# TASK STATEMENT:
Without including any pictures, give back all of the data exactly.

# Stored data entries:
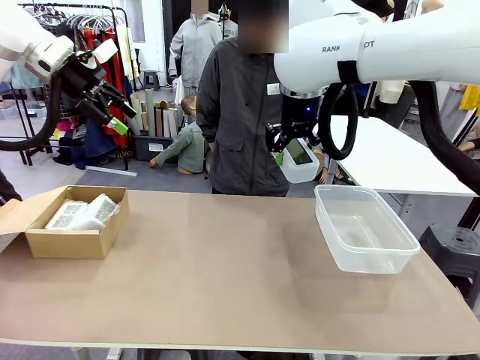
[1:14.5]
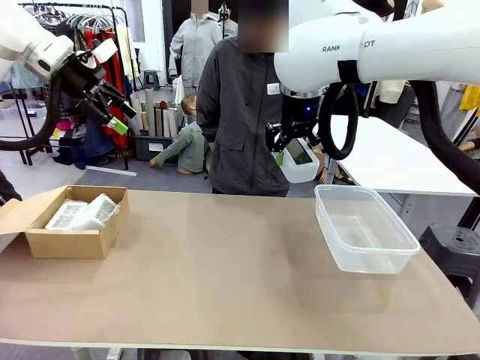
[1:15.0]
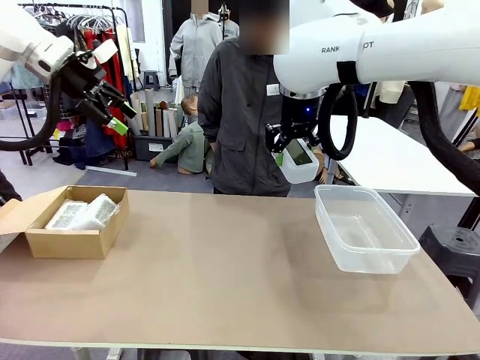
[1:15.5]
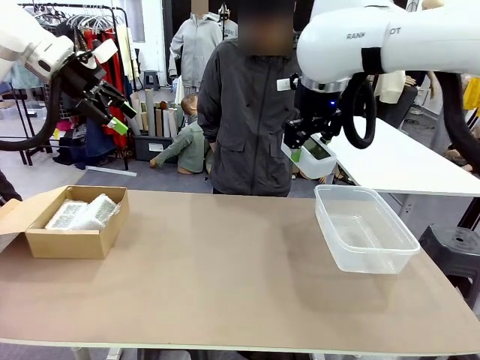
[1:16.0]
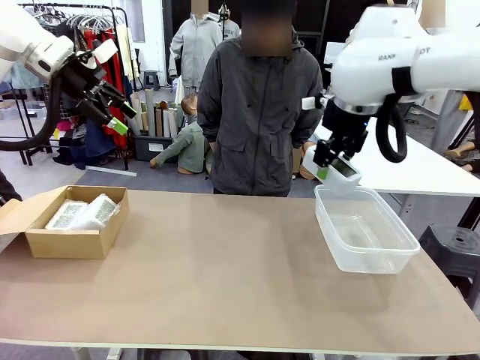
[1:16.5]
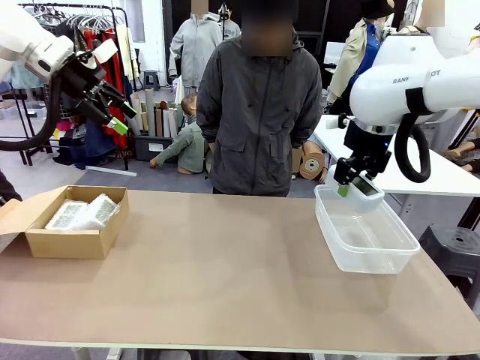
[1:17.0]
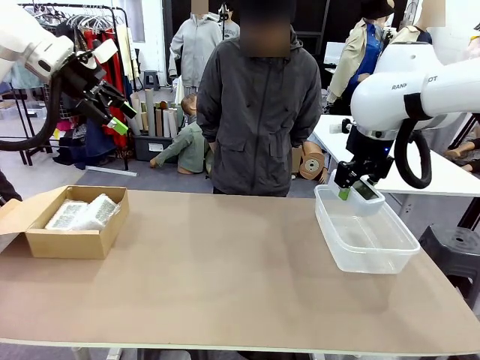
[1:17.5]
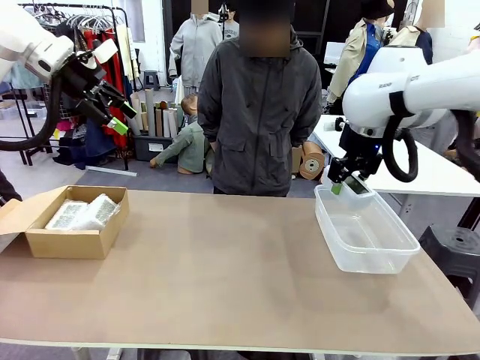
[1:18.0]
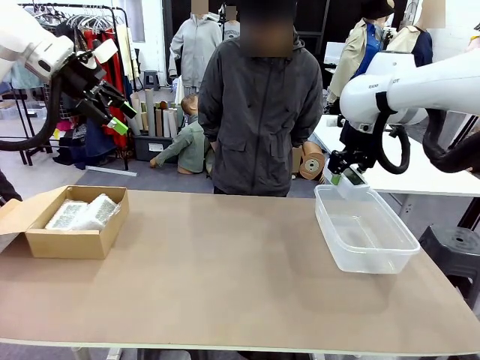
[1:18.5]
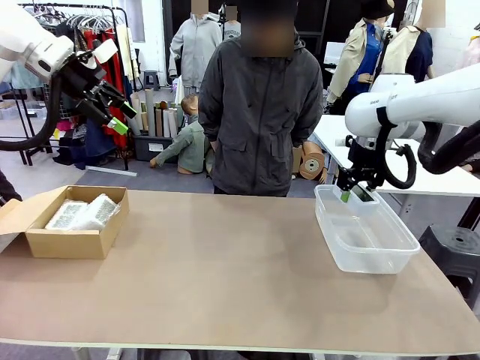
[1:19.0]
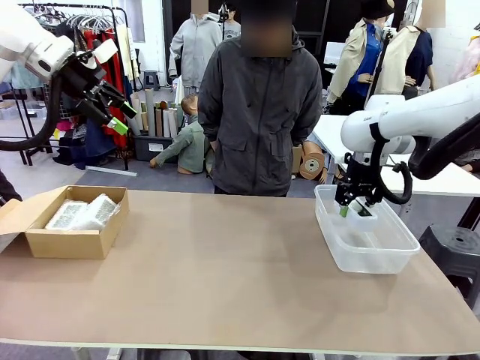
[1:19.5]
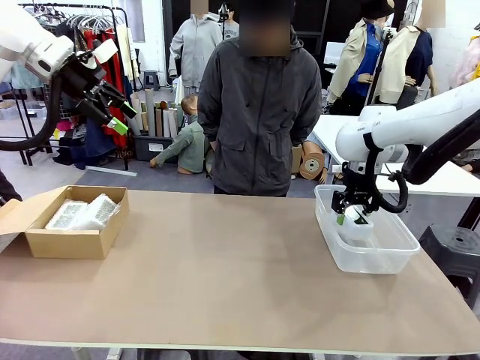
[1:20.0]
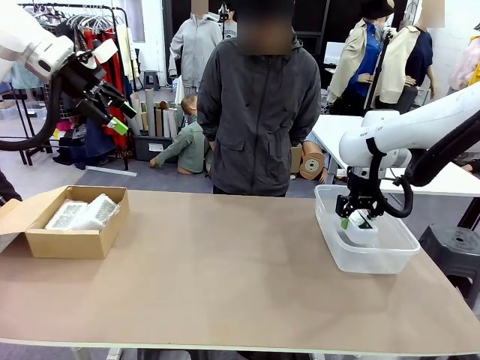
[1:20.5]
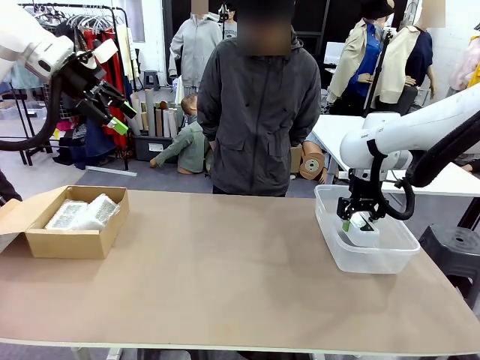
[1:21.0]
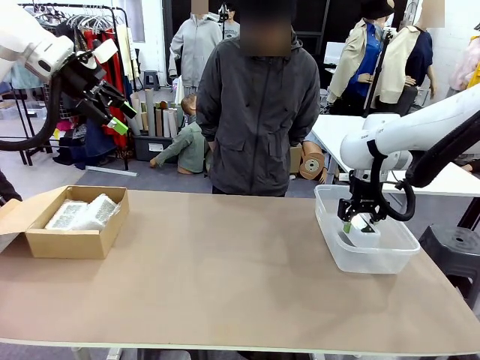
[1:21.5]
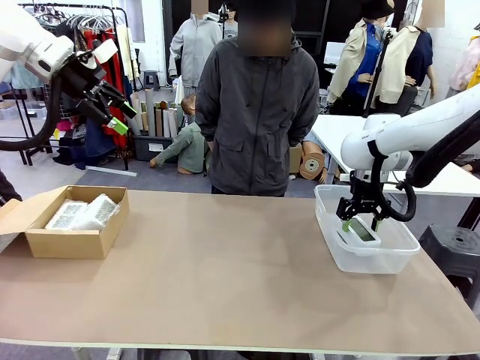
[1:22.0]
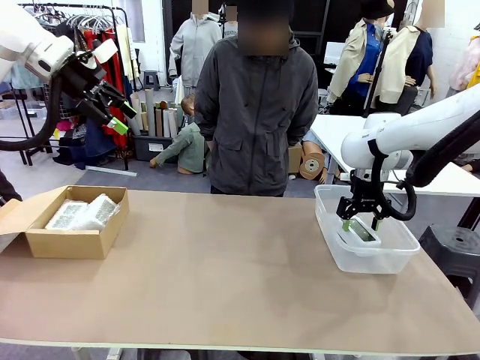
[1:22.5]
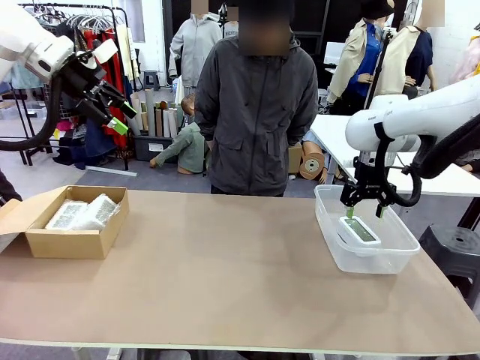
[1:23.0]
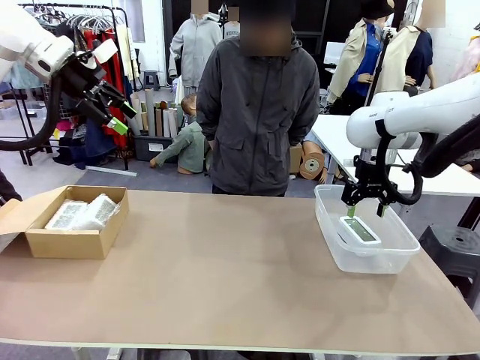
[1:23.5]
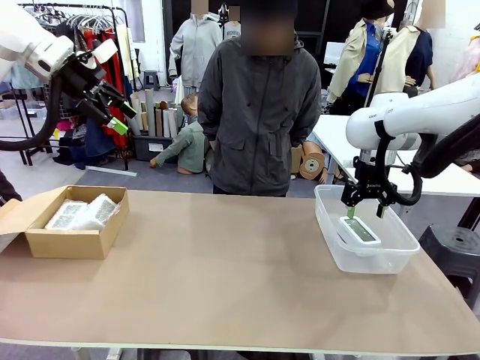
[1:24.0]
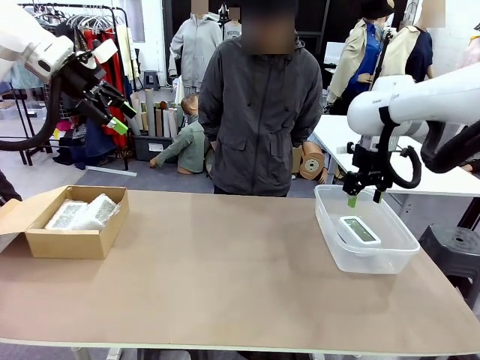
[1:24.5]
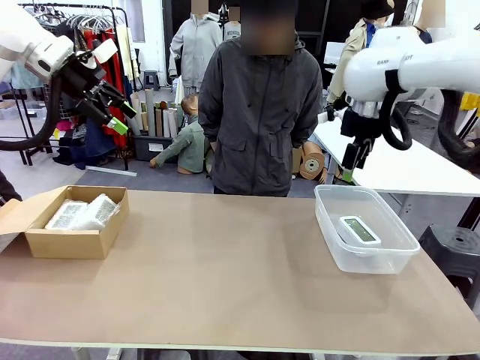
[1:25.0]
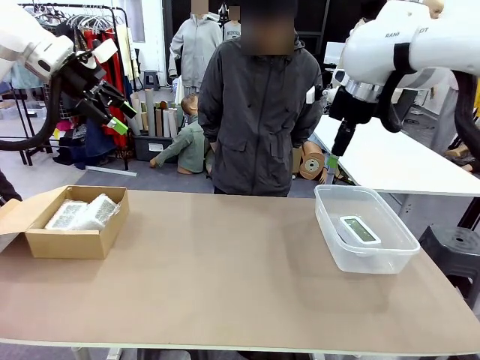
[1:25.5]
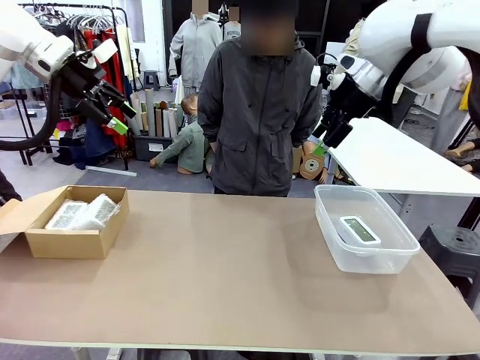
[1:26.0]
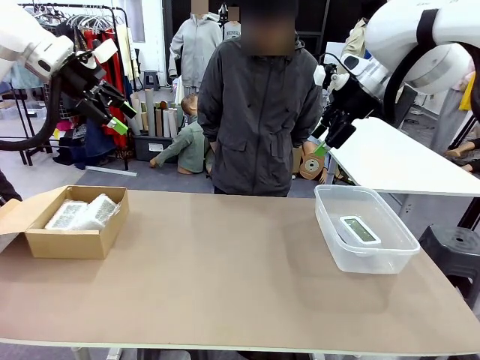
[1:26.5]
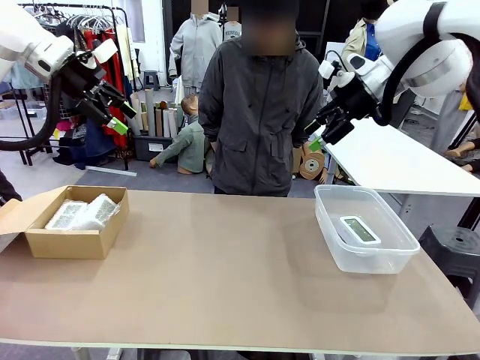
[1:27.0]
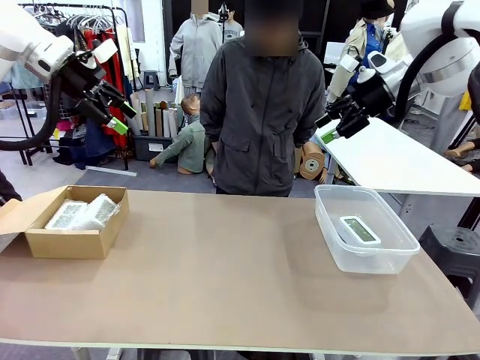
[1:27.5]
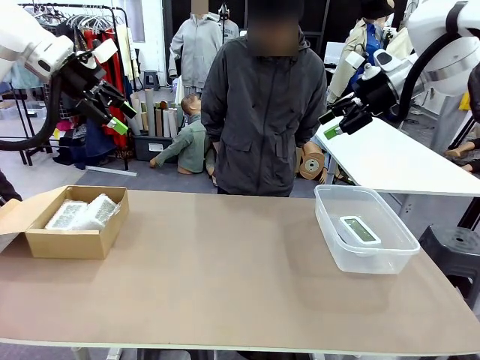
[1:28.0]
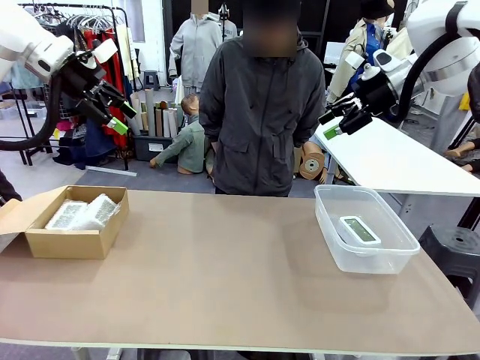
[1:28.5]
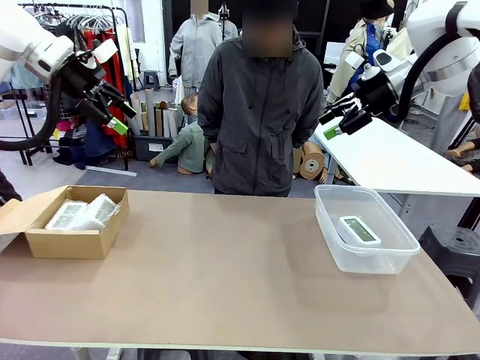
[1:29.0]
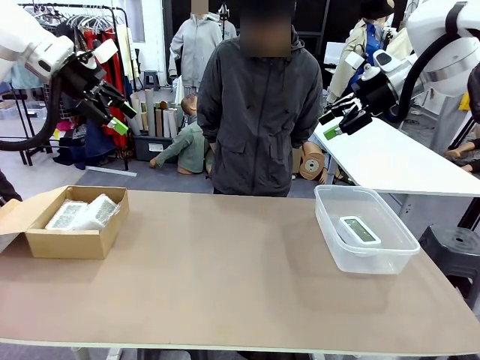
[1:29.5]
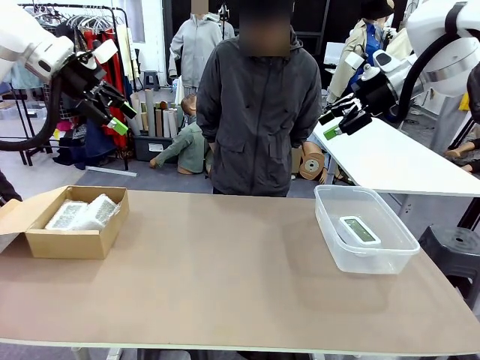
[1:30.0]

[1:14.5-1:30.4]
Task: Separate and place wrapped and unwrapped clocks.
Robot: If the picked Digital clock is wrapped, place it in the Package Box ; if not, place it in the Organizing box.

# THE COMPLETED TASK:
[1:14.5]
[1:15.0]
[1:15.5]
[1:16.0]
[1:16.5]
[1:17.0]
[1:17.5]
[1:18.0]
[1:18.5]
[1:19.0]
[1:19.5]
[1:20.0]
[1:20.5]
[1:21.0]
[1:21.5]
[1:22.0]
[1:22.5]
[1:23.0]
[1:23.5]
[1:24.0]
[1:24.5]
[1:25.0]
[1:25.5]
[1:26.0]
[1:26.5]
[1:27.0]
[1:27.5]
[1:28.0]
[1:28.5]
[1:29.0]
[1:29.5]
[1:30.0]

[1:14.5-1:30.4]
Task: Separate and place wrapped and unwrapped clocks.
Robot: If the picked Digital clock is wrapped, place it in the Package Box ; if not, place it in the Organizing box.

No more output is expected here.